The methodology presented in DisCo-Speech is innovative, particularly in its approach to disentangling speech attributes through a two-stage training paradigm. The tri-factor disentanglement effectively separates content, prosody, and timbre, which is a significant advancement over existing methods that often struggle with this entanglement. The use of hybrid constraints to ensure robust disentanglement while maintaining reconstruction quality is a notable strength. However, the complexity of the model and the reliance on extensive training data may limit its accessibility and applicability in resource-constrained environments.
The experiments conducted are thorough, comparing DisCo-Speech against a range of state-of-the-art models across multiple dimensions, including voice cloning and prosody control. The results demonstrate competitive performance, particularly in maintaining speaker timbre while allowing for independent prosody control. The use of both objective and subjective metrics enhances the credibility of the findings. However, the paper could benefit from a more detailed discussion on the statistical significance of the results and the robustness of the evaluations.

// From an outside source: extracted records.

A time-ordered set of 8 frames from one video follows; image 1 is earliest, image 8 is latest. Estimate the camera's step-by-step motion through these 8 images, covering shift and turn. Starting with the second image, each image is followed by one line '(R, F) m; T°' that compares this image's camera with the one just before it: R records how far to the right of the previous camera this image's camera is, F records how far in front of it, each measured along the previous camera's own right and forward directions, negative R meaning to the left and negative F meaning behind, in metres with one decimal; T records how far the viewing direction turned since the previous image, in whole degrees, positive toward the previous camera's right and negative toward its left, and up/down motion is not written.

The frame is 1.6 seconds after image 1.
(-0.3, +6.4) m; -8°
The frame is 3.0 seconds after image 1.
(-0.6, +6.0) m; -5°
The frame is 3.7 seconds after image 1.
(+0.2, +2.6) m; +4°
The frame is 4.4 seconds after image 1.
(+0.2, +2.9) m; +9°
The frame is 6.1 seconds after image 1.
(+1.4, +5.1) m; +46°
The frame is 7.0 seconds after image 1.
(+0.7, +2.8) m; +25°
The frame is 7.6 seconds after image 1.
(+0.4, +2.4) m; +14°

The paper includes a commitment to release code and weights, which is essential for reproducibility. However, the detailed implementation specifics, such as hyperparameter settings and training configurations, are somewhat scattered throughout the text. A consolidated section summarizing these details would improve clarity and facilitate replication of the results.

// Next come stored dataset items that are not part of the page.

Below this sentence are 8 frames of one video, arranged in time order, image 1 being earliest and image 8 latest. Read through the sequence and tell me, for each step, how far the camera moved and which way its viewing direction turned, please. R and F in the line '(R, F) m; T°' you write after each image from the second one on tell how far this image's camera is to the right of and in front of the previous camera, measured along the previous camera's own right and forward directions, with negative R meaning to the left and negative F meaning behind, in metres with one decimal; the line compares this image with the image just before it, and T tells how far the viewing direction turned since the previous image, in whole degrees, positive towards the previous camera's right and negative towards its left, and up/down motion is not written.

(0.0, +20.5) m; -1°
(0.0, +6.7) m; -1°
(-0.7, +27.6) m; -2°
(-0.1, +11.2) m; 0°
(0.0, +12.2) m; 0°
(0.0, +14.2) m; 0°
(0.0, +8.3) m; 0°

The authors acknowledge limitations related to speaker similarity, which is lower than some multi-stage systems. Additionally, the quality of the training corpus may restrict the model's performance in generating highly exaggerated prosody. The delicate balance between disentanglement and reconstruction fidelity is also a noted challenge, suggesting areas for future improvement.

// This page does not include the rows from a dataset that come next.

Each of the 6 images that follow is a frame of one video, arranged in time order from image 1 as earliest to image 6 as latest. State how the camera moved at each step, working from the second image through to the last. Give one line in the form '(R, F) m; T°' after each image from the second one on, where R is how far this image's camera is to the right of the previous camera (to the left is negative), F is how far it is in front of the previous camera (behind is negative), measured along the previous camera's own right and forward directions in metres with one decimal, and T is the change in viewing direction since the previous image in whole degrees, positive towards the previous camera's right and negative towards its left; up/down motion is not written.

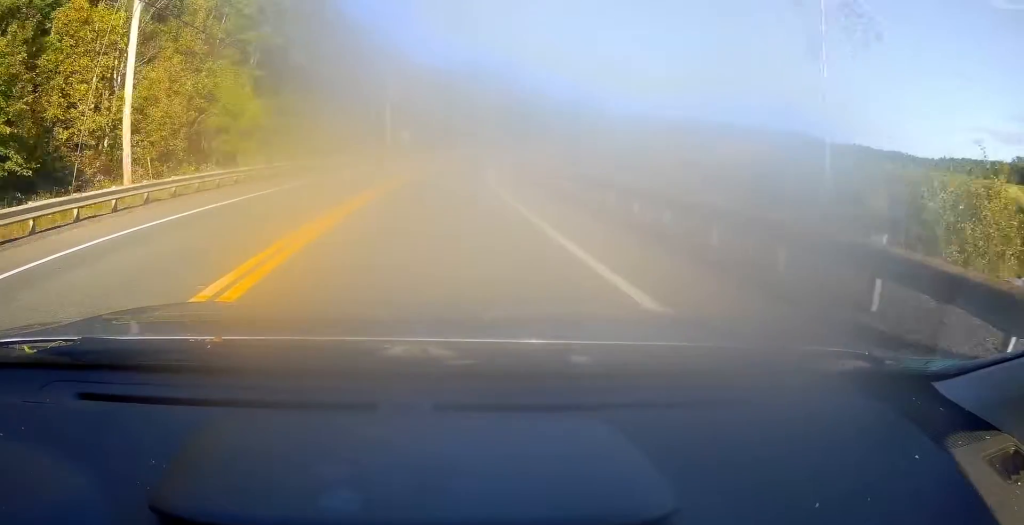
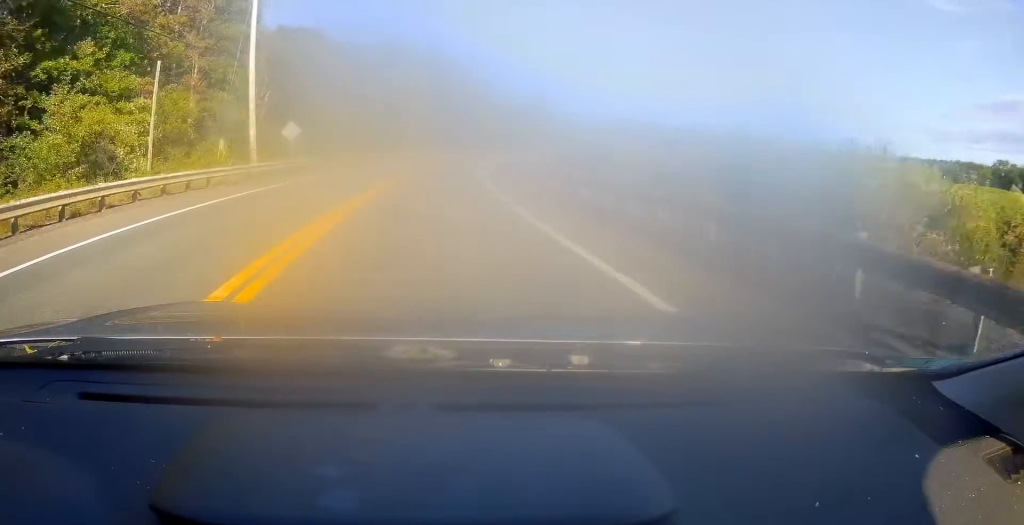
(+1.3, +29.0) m; +6°
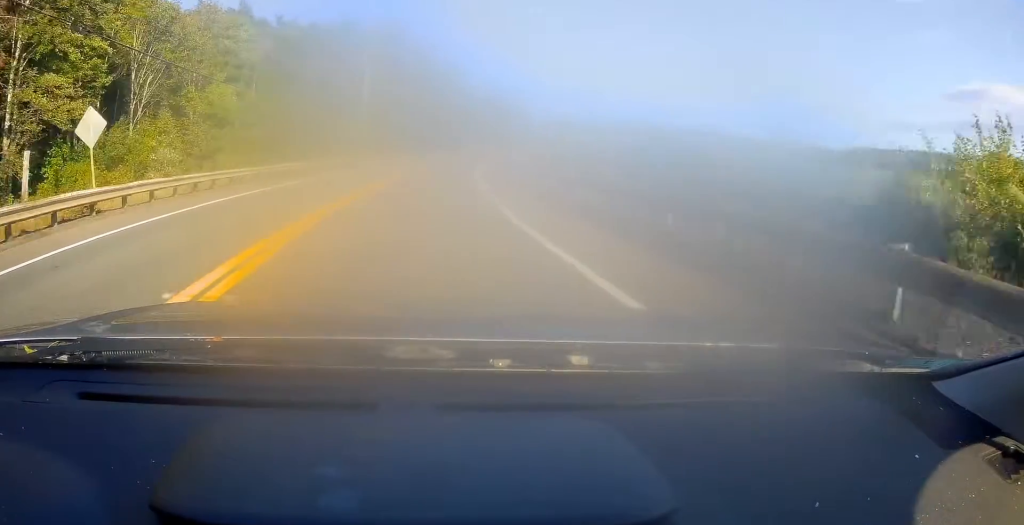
(+0.7, +18.2) m; +4°
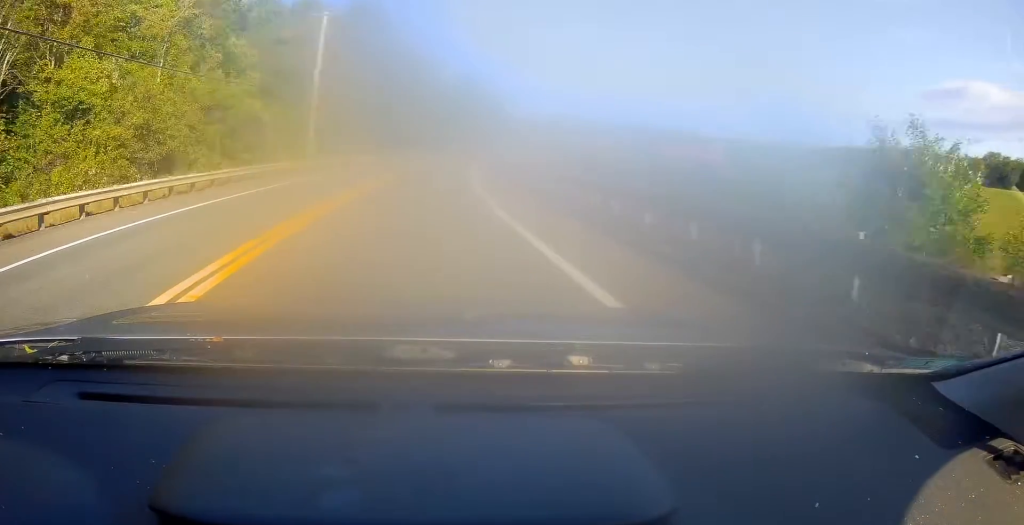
(+0.4, +11.4) m; +3°
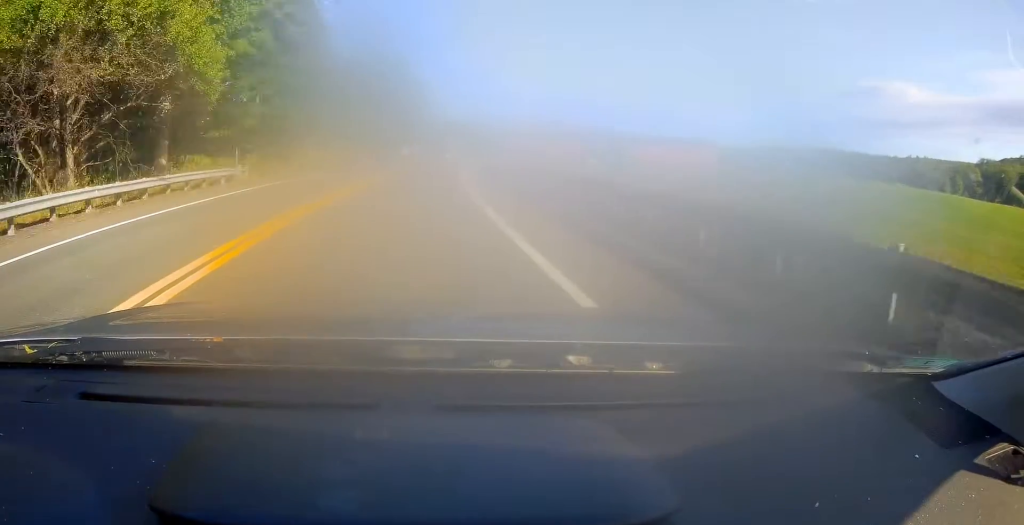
(+7.5, +61.5) m; +13°
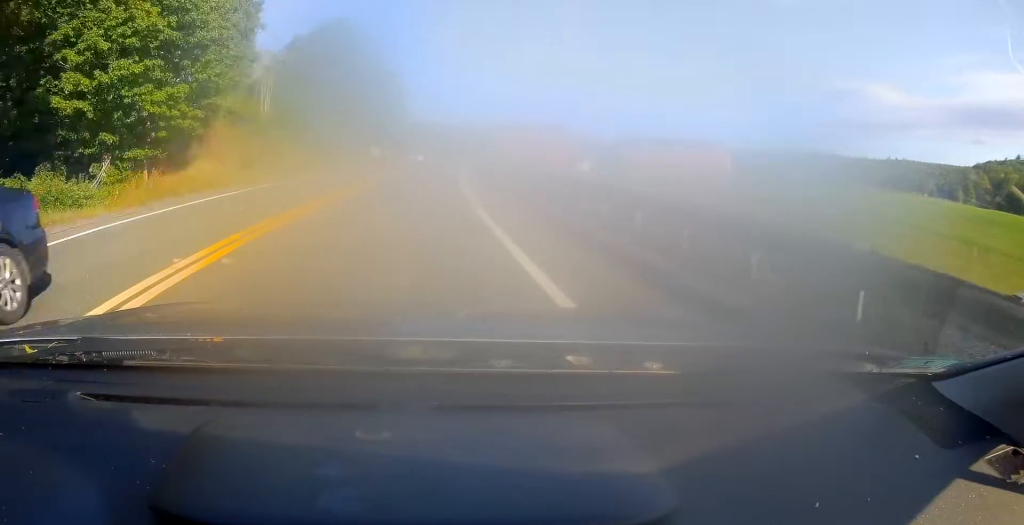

The potential applications of DisCo-Speech are significant, particularly in areas requiring high-quality, controllable speech synthesis, such as virtual assistants, audiobooks, and entertainment. By enabling zero-shot controllable speech generation, this work could enhance user interaction and personalization in various applications. However, ethical considerations regarding voice cloning and the potential for misuse in generating deceptive audio content should be addressed. The main contribution of this paper is the introduction of DisCo-Speech, a novel framework for zero-shot controllable speech generation that effectively disentangles speech attributes, allowing for independent control over speaker timbre and prosody. This work represents a meaningful advancement in the field of text-to-speech synthesis, providing a robust foundation for future research and applications in controllable speech generation.